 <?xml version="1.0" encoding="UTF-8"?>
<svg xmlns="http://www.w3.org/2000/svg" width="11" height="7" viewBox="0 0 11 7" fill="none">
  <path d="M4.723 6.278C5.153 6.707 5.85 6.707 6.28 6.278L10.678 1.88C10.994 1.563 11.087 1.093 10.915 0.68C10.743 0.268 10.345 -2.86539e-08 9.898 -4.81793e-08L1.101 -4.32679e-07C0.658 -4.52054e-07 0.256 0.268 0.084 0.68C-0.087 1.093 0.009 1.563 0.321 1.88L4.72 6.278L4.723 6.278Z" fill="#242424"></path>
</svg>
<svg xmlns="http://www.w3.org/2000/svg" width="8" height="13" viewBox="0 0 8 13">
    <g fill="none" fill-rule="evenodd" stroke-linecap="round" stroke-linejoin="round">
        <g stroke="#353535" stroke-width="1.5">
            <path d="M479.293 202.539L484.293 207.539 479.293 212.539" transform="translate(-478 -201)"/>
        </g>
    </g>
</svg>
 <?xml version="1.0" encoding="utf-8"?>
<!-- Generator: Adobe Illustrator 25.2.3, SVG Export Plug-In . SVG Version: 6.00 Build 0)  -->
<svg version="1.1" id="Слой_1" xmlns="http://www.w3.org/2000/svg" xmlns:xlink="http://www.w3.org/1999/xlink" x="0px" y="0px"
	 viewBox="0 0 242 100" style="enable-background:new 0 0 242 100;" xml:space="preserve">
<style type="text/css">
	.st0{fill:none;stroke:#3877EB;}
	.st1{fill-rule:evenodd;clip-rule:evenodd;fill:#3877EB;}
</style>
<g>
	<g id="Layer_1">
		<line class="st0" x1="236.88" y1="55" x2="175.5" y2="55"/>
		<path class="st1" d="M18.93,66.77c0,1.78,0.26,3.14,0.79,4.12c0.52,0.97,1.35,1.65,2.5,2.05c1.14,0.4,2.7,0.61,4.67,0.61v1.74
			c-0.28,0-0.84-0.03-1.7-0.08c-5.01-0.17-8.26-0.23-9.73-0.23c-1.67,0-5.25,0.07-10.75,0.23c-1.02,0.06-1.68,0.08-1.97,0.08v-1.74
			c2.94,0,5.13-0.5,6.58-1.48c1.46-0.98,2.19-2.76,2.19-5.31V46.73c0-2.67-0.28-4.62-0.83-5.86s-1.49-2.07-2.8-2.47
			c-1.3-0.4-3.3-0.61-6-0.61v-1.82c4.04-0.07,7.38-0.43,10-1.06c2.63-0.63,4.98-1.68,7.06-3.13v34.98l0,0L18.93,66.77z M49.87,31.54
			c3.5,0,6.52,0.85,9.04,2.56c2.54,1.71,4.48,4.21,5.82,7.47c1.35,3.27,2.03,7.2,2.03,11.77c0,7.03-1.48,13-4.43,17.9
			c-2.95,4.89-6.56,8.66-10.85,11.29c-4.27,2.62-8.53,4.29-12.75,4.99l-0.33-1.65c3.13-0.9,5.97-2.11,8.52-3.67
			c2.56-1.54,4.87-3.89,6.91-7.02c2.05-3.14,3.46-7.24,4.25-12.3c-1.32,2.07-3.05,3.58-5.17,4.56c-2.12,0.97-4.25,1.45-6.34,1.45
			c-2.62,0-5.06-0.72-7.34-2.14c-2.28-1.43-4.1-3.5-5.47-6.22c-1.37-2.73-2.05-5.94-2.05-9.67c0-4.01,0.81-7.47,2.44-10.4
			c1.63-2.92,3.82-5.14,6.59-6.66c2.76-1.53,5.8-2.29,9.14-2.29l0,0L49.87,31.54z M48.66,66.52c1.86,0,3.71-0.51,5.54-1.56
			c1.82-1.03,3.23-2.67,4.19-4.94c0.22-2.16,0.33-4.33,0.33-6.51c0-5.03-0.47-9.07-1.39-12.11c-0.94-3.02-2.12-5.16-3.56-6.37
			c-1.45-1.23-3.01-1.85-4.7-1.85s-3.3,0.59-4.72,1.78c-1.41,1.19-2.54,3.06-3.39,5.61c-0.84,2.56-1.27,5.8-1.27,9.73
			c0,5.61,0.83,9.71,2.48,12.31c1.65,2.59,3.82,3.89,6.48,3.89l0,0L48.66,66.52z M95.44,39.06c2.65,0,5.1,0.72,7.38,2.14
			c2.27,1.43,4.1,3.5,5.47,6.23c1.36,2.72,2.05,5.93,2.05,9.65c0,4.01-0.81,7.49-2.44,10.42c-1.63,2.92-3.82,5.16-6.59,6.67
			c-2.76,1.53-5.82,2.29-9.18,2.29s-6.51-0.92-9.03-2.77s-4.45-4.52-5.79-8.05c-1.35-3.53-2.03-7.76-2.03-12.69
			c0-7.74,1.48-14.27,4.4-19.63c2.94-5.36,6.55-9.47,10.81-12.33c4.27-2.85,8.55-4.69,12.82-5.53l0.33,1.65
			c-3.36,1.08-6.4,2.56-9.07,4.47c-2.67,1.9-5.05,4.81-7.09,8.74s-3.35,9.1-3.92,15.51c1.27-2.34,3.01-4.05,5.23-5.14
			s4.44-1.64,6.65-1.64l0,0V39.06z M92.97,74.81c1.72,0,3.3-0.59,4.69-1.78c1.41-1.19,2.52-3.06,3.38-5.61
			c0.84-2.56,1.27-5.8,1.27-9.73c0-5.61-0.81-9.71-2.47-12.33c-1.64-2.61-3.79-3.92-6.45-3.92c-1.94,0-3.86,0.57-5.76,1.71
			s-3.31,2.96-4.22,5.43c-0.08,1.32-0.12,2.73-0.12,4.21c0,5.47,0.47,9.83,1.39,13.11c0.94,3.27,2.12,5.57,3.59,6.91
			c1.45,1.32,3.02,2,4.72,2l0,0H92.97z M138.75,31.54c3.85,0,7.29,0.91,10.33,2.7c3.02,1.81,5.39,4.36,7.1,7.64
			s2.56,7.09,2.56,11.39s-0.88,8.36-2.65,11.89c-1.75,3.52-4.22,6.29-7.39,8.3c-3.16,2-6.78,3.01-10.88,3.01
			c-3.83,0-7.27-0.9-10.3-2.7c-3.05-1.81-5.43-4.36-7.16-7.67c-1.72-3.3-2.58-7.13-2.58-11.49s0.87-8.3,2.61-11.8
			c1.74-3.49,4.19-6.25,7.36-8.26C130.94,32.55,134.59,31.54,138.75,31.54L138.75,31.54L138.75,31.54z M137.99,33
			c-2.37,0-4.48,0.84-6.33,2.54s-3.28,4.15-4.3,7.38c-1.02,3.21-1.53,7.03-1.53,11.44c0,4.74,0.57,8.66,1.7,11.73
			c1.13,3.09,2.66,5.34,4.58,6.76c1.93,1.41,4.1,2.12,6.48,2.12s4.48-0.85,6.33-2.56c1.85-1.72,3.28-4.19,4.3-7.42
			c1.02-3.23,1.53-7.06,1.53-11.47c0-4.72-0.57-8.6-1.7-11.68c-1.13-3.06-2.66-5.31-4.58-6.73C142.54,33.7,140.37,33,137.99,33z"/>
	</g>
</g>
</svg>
^^^^^^^^
## Required action
Retype the whole listing exactly.

## Exercise solution
 <?xml version="1.0" encoding="UTF-8"?>
<svg xmlns="http://www.w3.org/2000/svg" width="11" height="7" viewBox="0 0 11 7" fill="none">
  <path d="M4.723 6.278C5.153 6.707 5.85 6.707 6.28 6.278L10.678 1.88C10.994 1.563 11.087 1.093 10.915 0.68C10.743 0.268 10.345 -2.86539e-08 9.898 -4.81793e-08L1.101 -4.32679e-07C0.658 -4.52054e-07 0.256 0.268 0.084 0.68C-0.087 1.093 0.009 1.563 0.321 1.88L4.72 6.278L4.723 6.278Z" fill="#242424"></path>
</svg>
<svg xmlns="http://www.w3.org/2000/svg" width="8" height="13" viewBox="0 0 8 13">
    <g fill="none" fill-rule="evenodd" stroke-linecap="round" stroke-linejoin="round">
        <g stroke="#353535" stroke-width="1.5">
            <path d="M479.293 202.539L484.293 207.539 479.293 212.539" transform="translate(-478 -201)"/>
        </g>
    </g>
</svg>
 <?xml version="1.0" encoding="utf-8"?>
<!-- Generator: Adobe Illustrator 25.2.3, SVG Export Plug-In . SVG Version: 6.00 Build 0)  -->
<svg version="1.1" id="Слой_1" xmlns="http://www.w3.org/2000/svg" xmlns:xlink="http://www.w3.org/1999/xlink" x="0px" y="0px"
	 viewBox="0 0 242 100" style="enable-background:new 0 0 242 100;" xml:space="preserve">
<style type="text/css">
	.st0{fill:none;stroke:#3877EB;}
	.st1{fill-rule:evenodd;clip-rule:evenodd;fill:#3877EB;}
</style>
<g>
	<g id="Layer_1">
		<line class="st0" x1="236.88" y1="55" x2="175.5" y2="55"/>
		<path class="st1" d="M18.93,66.77c0,1.78,0.26,3.14,0.79,4.12c0.52,0.97,1.35,1.65,2.5,2.05c1.14,0.4,2.7,0.61,4.67,0.61v1.74
			c-0.28,0-0.84-0.03-1.7-0.08c-5.01-0.17-8.26-0.23-9.73-0.23c-1.67,0-5.25,0.07-10.75,0.23c-1.02,0.06-1.68,0.08-1.97,0.08v-1.74
			c2.94,0,5.13-0.5,6.58-1.48c1.46-0.98,2.19-2.76,2.19-5.31V46.73c0-2.67-0.28-4.62-0.83-5.86s-1.49-2.07-2.8-2.47
			c-1.3-0.4-3.3-0.61-6-0.61v-1.82c4.04-0.07,7.38-0.43,10-1.06c2.63-0.63,4.98-1.68,7.06-3.13v34.98l0,0L18.93,66.77z M49.87,31.54
			c3.5,0,6.52,0.85,9.04,2.56c2.54,1.71,4.48,4.21,5.82,7.47c1.35,3.27,2.03,7.2,2.03,11.77c0,7.03-1.48,13-4.43,17.9
			c-2.95,4.89-6.56,8.66-10.85,11.29c-4.27,2.62-8.53,4.29-12.75,4.99l-0.33-1.65c3.13-0.9,5.97-2.11,8.52-3.67
			c2.56-1.54,4.87-3.89,6.91-7.02c2.05-3.14,3.46-7.24,4.25-12.3c-1.32,2.07-3.05,3.58-5.17,4.56c-2.12,0.97-4.25,1.45-6.34,1.45
			c-2.62,0-5.06-0.72-7.34-2.14c-2.28-1.43-4.1-3.5-5.47-6.22c-1.37-2.73-2.05-5.94-2.05-9.67c0-4.01,0.81-7.47,2.44-10.4
			c1.63-2.92,3.82-5.14,6.59-6.66c2.76-1.53,5.8-2.29,9.14-2.29l0,0L49.87,31.54z M48.66,66.52c1.86,0,3.71-0.51,5.54-1.56
			c1.82-1.03,3.23-2.67,4.19-4.94c0.22-2.16,0.33-4.33,0.33-6.51c0-5.03-0.47-9.07-1.39-12.11c-0.94-3.02-2.12-5.16-3.56-6.37
			c-1.45-1.23-3.01-1.85-4.7-1.85s-3.3,0.59-4.72,1.78c-1.41,1.19-2.54,3.06-3.39,5.61c-0.84,2.56-1.27,5.8-1.27,9.73
			c0,5.61,0.83,9.71,2.48,12.31c1.65,2.59,3.82,3.89,6.48,3.89l0,0L48.66,66.52z M95.44,39.06c2.65,0,5.1,0.72,7.38,2.14
			c2.27,1.43,4.1,3.5,5.47,6.23c1.36,2.72,2.05,5.93,2.05,9.65c0,4.01-0.81,7.49-2.44,10.42c-1.63,2.92-3.82,5.16-6.59,6.67
			c-2.76,1.53-5.82,2.29-9.18,2.29s-6.51-0.92-9.03-2.77s-4.45-4.52-5.79-8.05c-1.35-3.53-2.03-7.76-2.03-12.69
			c0-7.74,1.48-14.27,4.4-19.63c2.94-5.36,6.55-9.47,10.81-12.33c4.27-2.85,8.55-4.69,12.82-5.53l0.33,1.65
			c-3.36,1.08-6.4,2.56-9.07,4.47c-2.67,1.9-5.05,4.81-7.09,8.74s-3.35,9.1-3.92,15.51c1.27-2.34,3.01-4.05,5.23-5.14
			s4.44-1.64,6.65-1.64l0,0V39.06z M92.97,74.81c1.72,0,3.3-0.59,4.69-1.78c1.41-1.19,2.52-3.06,3.38-5.61
			c0.84-2.56,1.27-5.8,1.27-9.73c0-5.61-0.81-9.71-2.47-12.33c-1.64-2.61-3.79-3.92-6.45-3.92c-1.94,0-3.86,0.57-5.76,1.71
			s-3.31,2.96-4.22,5.43c-0.08,1.32-0.12,2.73-0.12,4.21c0,5.47,0.47,9.83,1.39,13.11c0.94,3.27,2.12,5.57,3.59,6.91
			c1.45,1.32,3.02,2,4.72,2l0,0H92.97z M138.75,31.54c3.85,0,7.29,0.91,10.33,2.7c3.02,1.81,5.39,4.36,7.1,7.64
			s2.56,7.09,2.56,11.39s-0.88,8.36-2.65,11.89c-1.75,3.52-4.22,6.29-7.39,8.3c-3.16,2-6.78,3.01-10.88,3.01
			c-3.83,0-7.27-0.9-10.3-2.7c-3.05-1.81-5.43-4.36-7.16-7.67c-1.72-3.3-2.58-7.13-2.58-11.49s0.87-8.3,2.61-11.8
			c1.74-3.49,4.19-6.25,7.36-8.26C130.94,32.55,134.59,31.54,138.75,31.54L138.75,31.54L138.75,31.54z M137.99,33
			c-2.37,0-4.48,0.84-6.33,2.54s-3.28,4.15-4.3,7.38c-1.02,3.21-1.53,7.03-1.53,11.44c0,4.74,0.57,8.66,1.7,11.73
			c1.13,3.09,2.66,5.34,4.58,6.76c1.93,1.41,4.1,2.12,6.48,2.12s4.48-0.85,6.33-2.56c1.85-1.72,3.28-4.19,4.3-7.42
			c1.02-3.23,1.53-7.06,1.53-11.47c0-4.72-0.57-8.6-1.7-11.68c-1.13-3.06-2.66-5.31-4.58-6.73C142.54,33.7,140.37,33,137.99,33z"/>
	</g>
</g>
</svg>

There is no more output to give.